• [Required work]
Look below for the line with "Options: dark blue"; begin the copy there and stop after the line with "## Action Space", keeping the text exact and the pictures out.

• [Records to use]
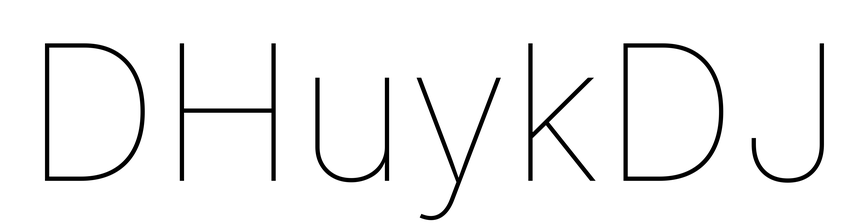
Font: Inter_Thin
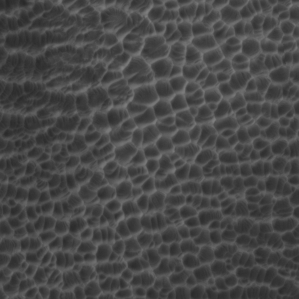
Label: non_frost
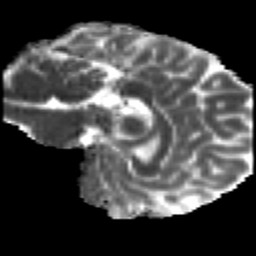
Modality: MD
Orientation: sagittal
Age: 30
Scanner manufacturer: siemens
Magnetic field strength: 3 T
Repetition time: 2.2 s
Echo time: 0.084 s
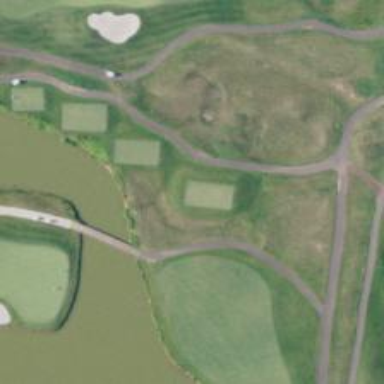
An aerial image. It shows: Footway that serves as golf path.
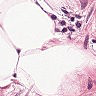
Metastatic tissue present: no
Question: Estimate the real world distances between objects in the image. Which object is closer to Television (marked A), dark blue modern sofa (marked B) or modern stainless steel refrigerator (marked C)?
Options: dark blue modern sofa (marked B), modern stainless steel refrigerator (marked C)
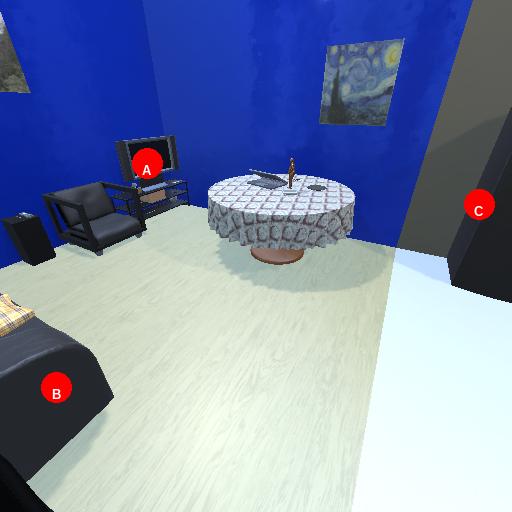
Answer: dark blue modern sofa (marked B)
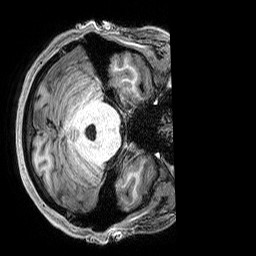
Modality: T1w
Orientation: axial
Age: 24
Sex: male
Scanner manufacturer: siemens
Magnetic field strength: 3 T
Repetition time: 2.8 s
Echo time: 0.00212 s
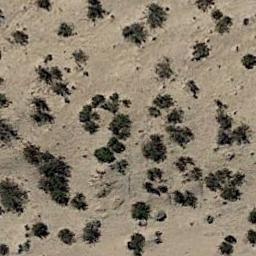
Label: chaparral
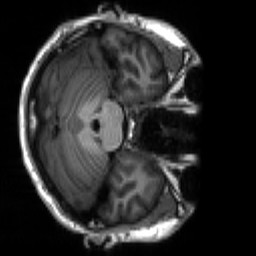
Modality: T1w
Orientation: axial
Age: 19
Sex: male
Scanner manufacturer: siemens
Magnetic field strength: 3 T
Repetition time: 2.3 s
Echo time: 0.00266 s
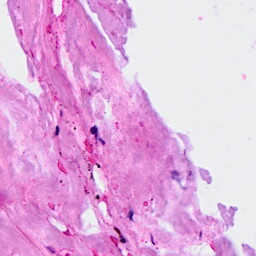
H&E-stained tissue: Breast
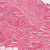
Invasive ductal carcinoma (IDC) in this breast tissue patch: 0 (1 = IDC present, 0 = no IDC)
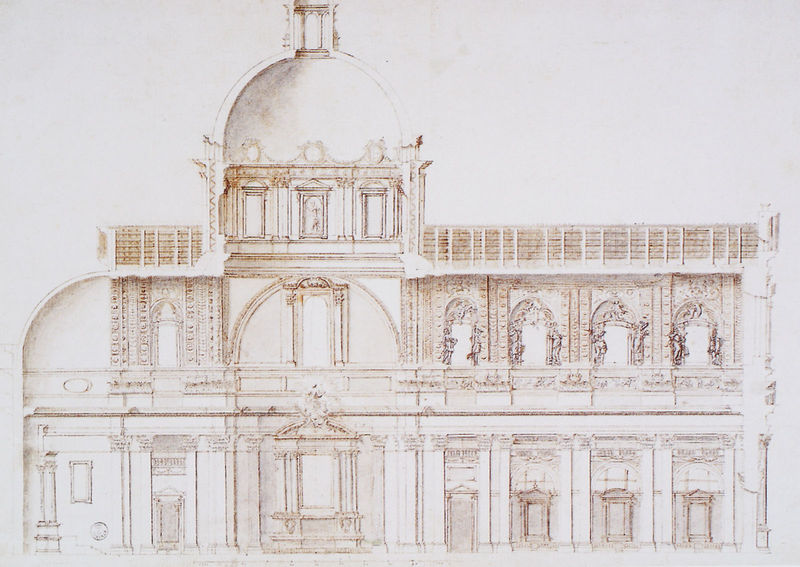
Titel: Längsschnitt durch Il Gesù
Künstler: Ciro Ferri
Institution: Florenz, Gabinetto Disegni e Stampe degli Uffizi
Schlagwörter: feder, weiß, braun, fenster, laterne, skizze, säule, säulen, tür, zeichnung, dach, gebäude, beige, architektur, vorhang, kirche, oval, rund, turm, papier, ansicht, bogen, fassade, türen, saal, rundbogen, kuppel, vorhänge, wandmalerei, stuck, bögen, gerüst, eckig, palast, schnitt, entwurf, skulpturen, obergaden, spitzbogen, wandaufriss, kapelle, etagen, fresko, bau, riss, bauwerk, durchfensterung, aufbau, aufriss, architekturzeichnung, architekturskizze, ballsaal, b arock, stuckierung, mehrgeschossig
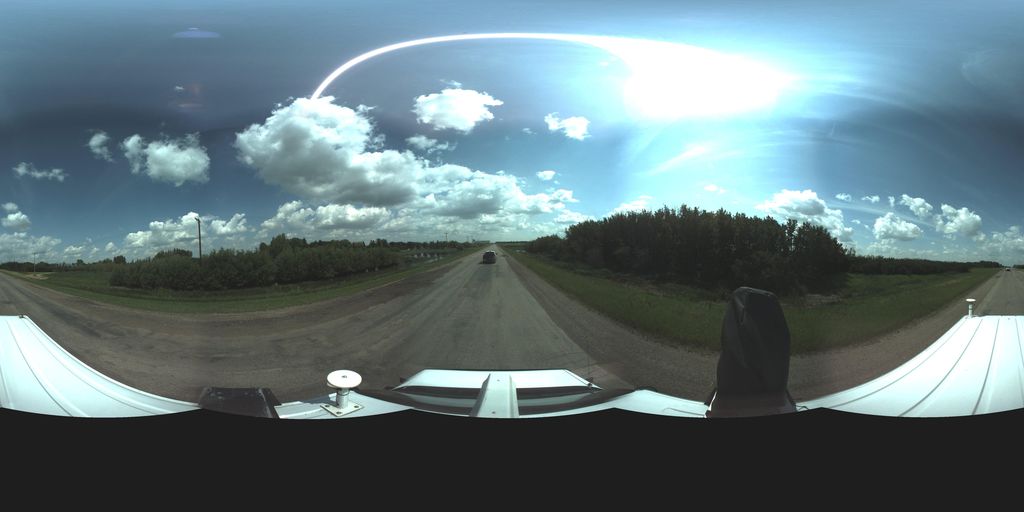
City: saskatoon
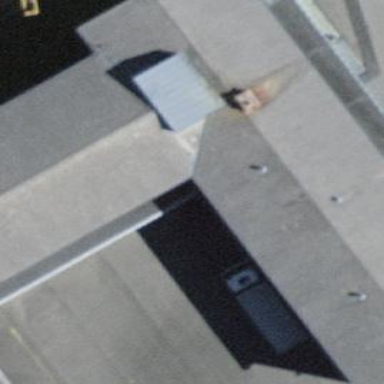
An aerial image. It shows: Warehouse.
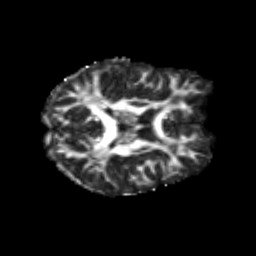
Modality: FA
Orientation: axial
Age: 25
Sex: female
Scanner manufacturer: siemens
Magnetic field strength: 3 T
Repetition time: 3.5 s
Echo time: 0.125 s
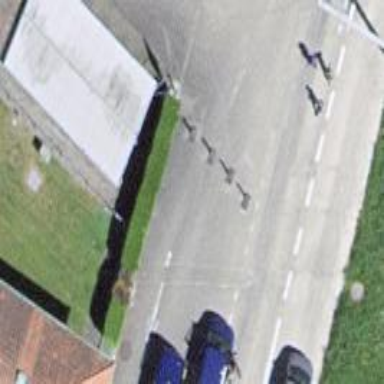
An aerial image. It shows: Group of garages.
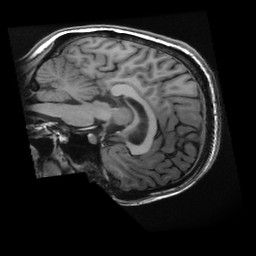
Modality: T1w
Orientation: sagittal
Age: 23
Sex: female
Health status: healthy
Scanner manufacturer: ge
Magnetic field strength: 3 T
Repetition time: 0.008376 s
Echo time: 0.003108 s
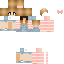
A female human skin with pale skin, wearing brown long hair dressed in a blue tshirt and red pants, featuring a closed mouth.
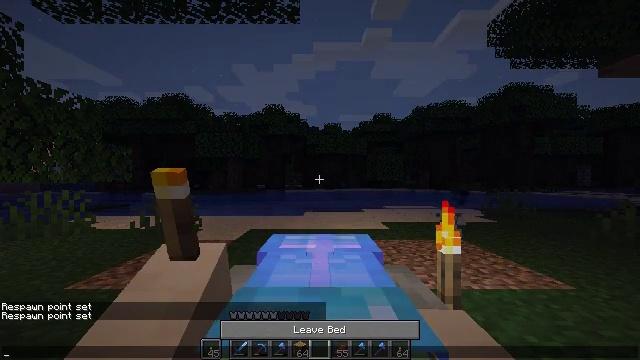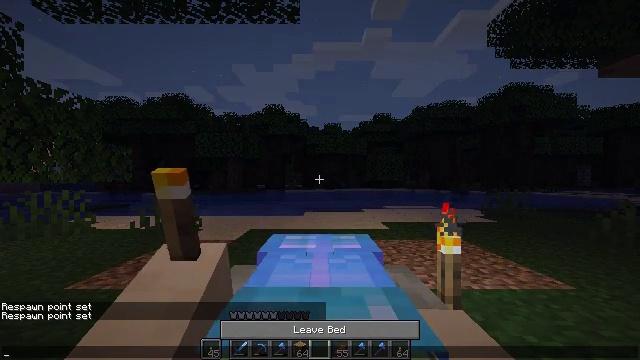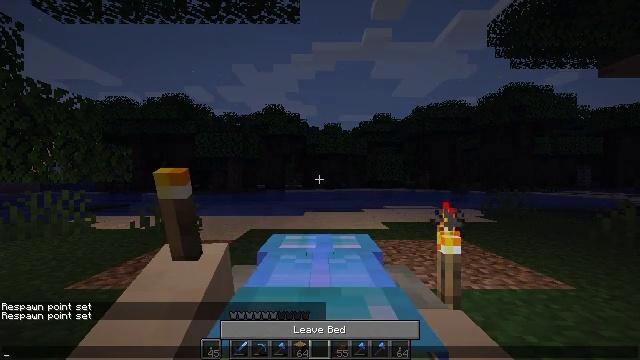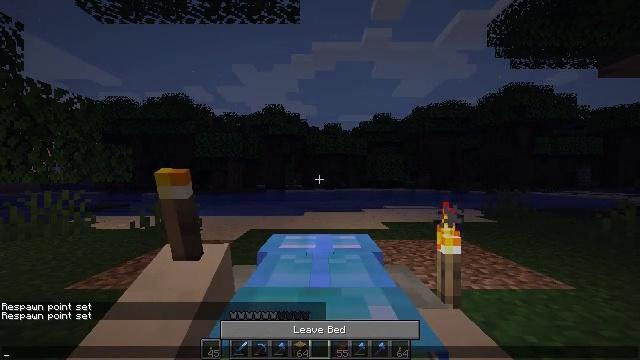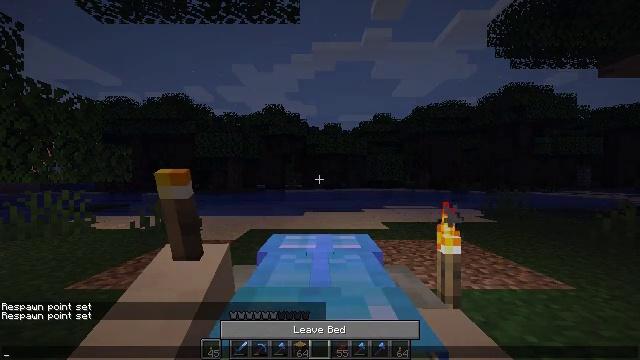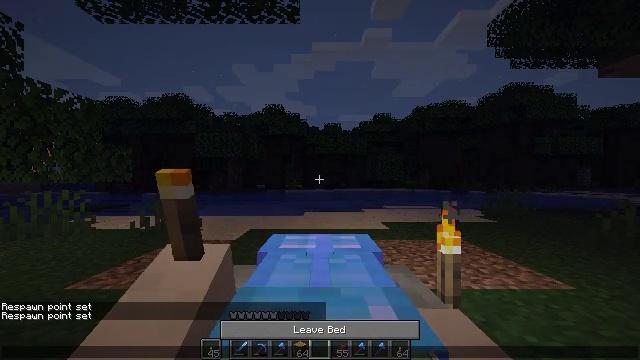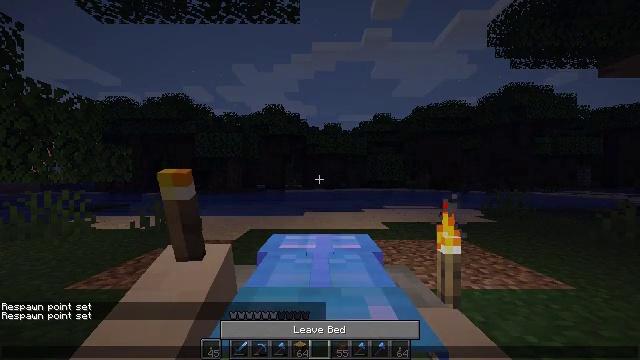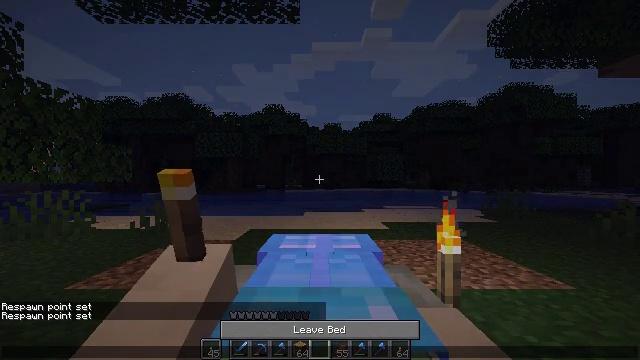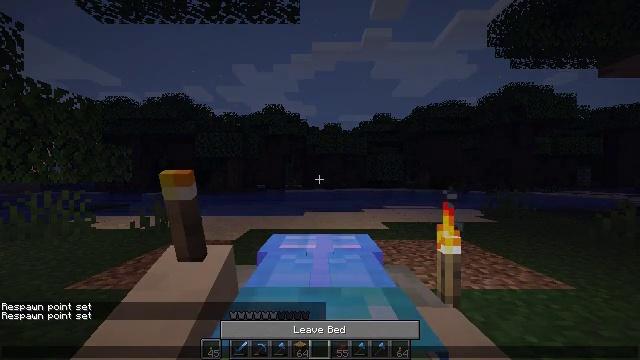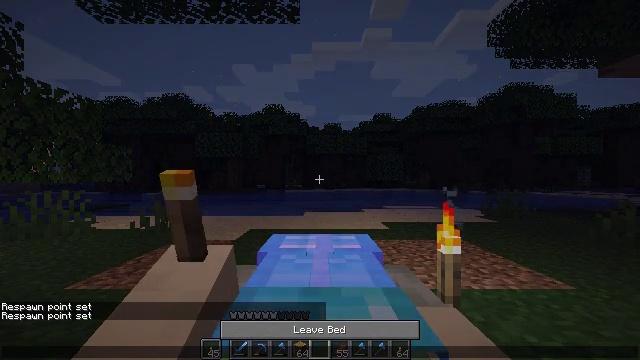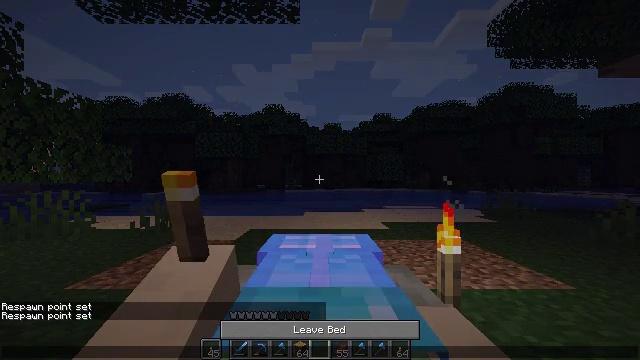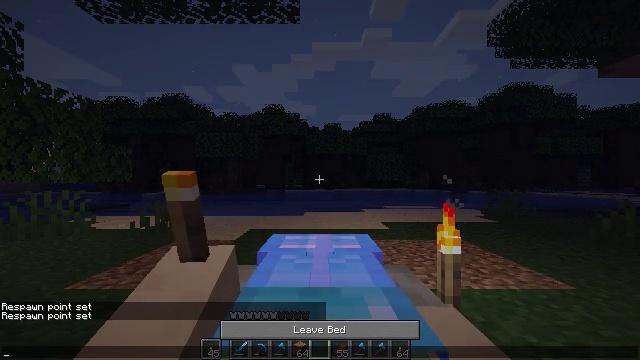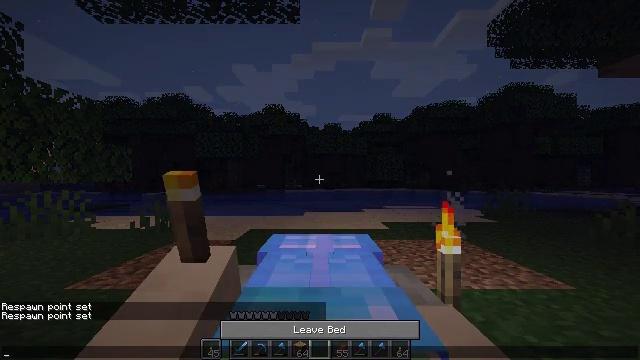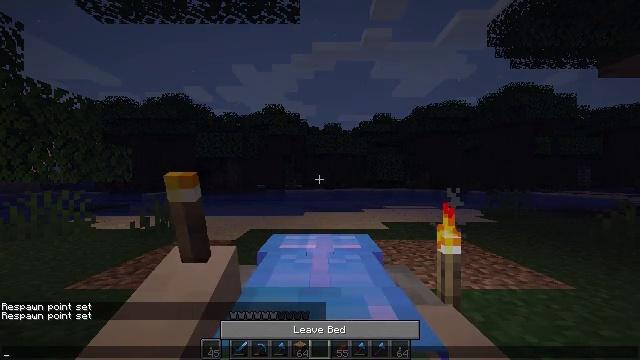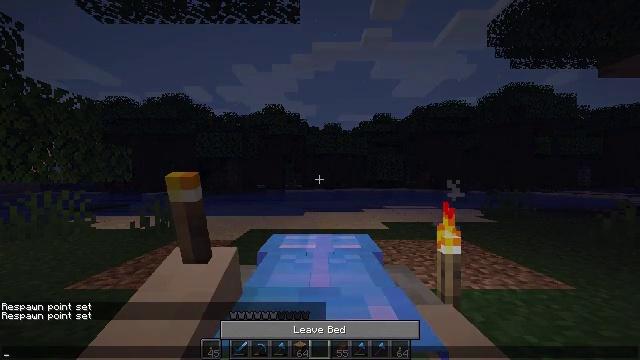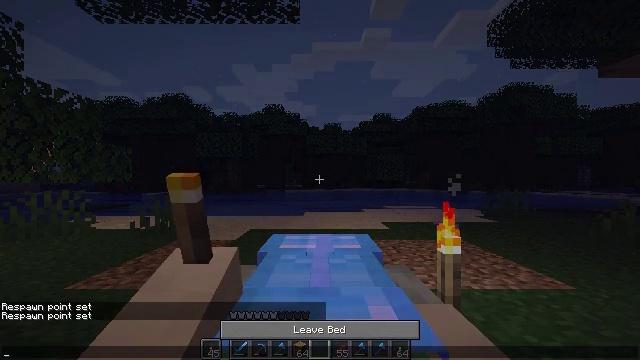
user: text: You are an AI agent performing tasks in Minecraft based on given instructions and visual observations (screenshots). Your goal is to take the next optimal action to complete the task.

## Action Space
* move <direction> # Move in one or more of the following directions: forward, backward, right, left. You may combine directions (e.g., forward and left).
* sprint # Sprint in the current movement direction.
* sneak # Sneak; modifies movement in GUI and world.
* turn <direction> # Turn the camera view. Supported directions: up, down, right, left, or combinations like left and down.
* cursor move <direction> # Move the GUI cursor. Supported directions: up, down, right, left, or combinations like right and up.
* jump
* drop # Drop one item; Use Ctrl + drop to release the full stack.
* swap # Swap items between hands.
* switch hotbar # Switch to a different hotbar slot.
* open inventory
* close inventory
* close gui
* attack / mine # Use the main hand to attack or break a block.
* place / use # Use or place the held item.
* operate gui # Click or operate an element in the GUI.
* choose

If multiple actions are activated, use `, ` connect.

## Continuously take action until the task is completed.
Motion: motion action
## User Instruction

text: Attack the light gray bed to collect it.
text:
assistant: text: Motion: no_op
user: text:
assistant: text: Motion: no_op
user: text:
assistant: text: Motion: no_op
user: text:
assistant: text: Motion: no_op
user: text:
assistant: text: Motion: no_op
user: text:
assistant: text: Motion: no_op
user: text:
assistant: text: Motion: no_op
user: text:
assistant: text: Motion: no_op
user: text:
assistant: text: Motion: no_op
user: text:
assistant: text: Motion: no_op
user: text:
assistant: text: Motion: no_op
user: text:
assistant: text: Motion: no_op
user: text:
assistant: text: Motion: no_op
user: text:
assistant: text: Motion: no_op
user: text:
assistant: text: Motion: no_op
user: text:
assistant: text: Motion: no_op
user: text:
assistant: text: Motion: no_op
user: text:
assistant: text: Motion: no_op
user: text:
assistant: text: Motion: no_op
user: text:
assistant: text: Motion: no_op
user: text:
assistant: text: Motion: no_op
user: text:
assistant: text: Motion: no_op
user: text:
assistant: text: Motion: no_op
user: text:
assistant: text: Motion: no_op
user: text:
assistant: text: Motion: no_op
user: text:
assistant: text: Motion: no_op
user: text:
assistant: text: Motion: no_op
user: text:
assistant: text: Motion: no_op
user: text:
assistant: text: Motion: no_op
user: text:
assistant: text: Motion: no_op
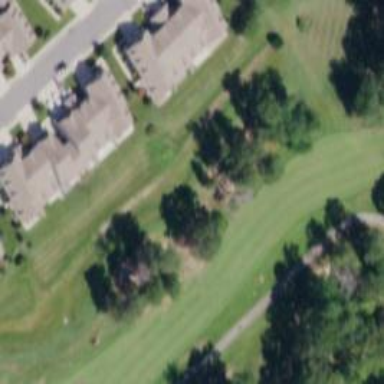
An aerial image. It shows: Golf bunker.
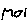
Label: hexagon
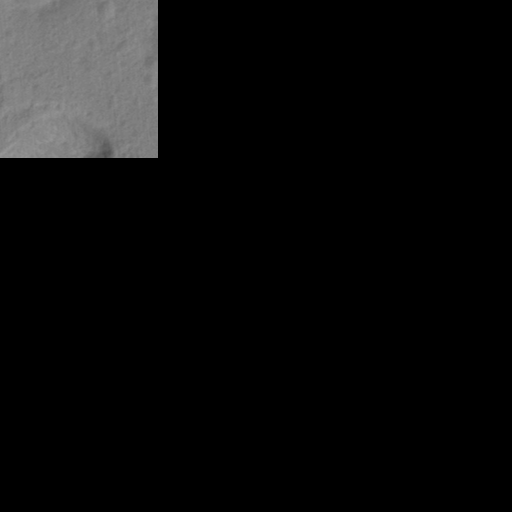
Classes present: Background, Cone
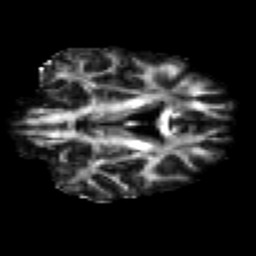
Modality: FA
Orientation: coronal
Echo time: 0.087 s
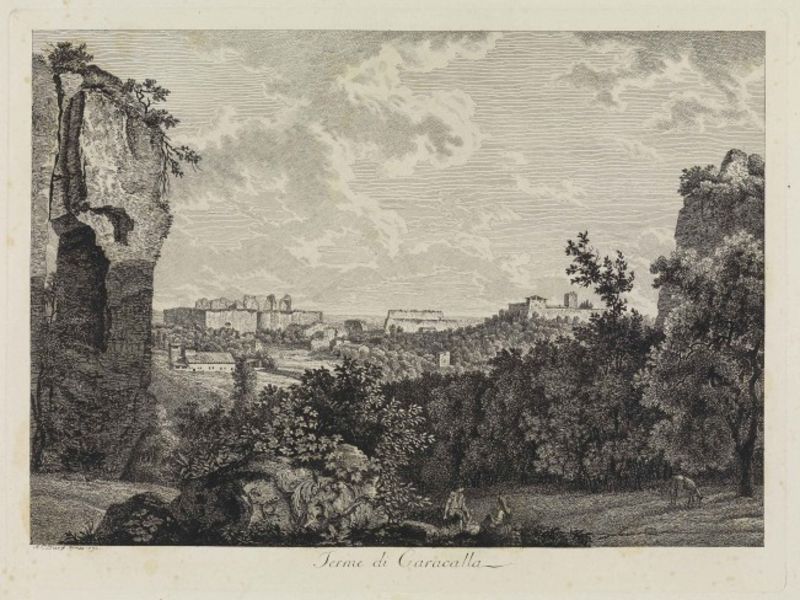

• [Written solution]
Options: dark blue modern sofa (marked B), modern stainless steel refrigerator (marked C)
Answer: dark blue modern sofa (marked B)
Modality: T1w
Orientation: axial
Age: 24
Sex: male
Scanner manufacturer: siemens
Magnetic field strength: 3 T
Repetition time: 2.8 s
Echo time: 0.00212 s
Label: chaparral
Modality: T1w
Orientation: axial
Age: 19
Sex: male
Scanner manufacturer: siemens
Magnetic field strength: 3 T
Repetition time: 2.3 s
Echo time: 0.00266 s
H&E-stained tissue: Breast
Invasive ductal carcinoma (IDC) in this breast tissue patch: 0 (1 = IDC present, 0 = no IDC)
Titel: Längsschnitt durch Il Gesù
Künstler: Ciro Ferri
Institution: Florenz, Gabinetto Disegni e Stampe degli Uffizi
Schlagwörter: feder, weiß, braun, fenster, laterne, skizze, säule, säulen, tür, zeichnung, dach, gebäude, beige, architektur, vorhang, kirche, oval, rund, turm, papier, ansicht, bogen, fassade, türen, saal, rundbogen, kuppel, vorhänge, wandmalerei, stuck, bögen, gerüst, eckig, palast, schnitt, entwurf, skulpturen, obergaden, spitzbogen, wandaufriss, kapelle, etagen, fresko, bau, riss, bauwerk, durchfensterung, aufbau, aufriss, architekturzeichnung, architekturskizze, ballsaal, b arock, stuckierung, mehrgeschossig
City: saskatoon
An aerial image. It shows: Warehouse.
Modality: FA
Orientation: axial
Age: 25
Sex: female
Scanner manufacturer: siemens
Magnetic field strength: 3 T
Repetition time: 3.5 s
Echo time: 0.125 s
An aerial image. It shows: Group of garages.
Modality: T1w
Orientation: sagittal
Age: 23
Sex: female
Health status: healthy
Scanner manufacturer: ge
Magnetic field strength: 3 T
Repetition time: 0.008376 s
Echo time: 0.003108 s
A female human skin with pale skin, wearing brown long hair dressed in a blue tshirt and red pants, featuring a closed mouth.
user: text: You are an AI agent performing tasks in Minecraft based on given instructions and visual observations (screenshots). Your goal is to take the next optimal action to complete the task.

## Action Space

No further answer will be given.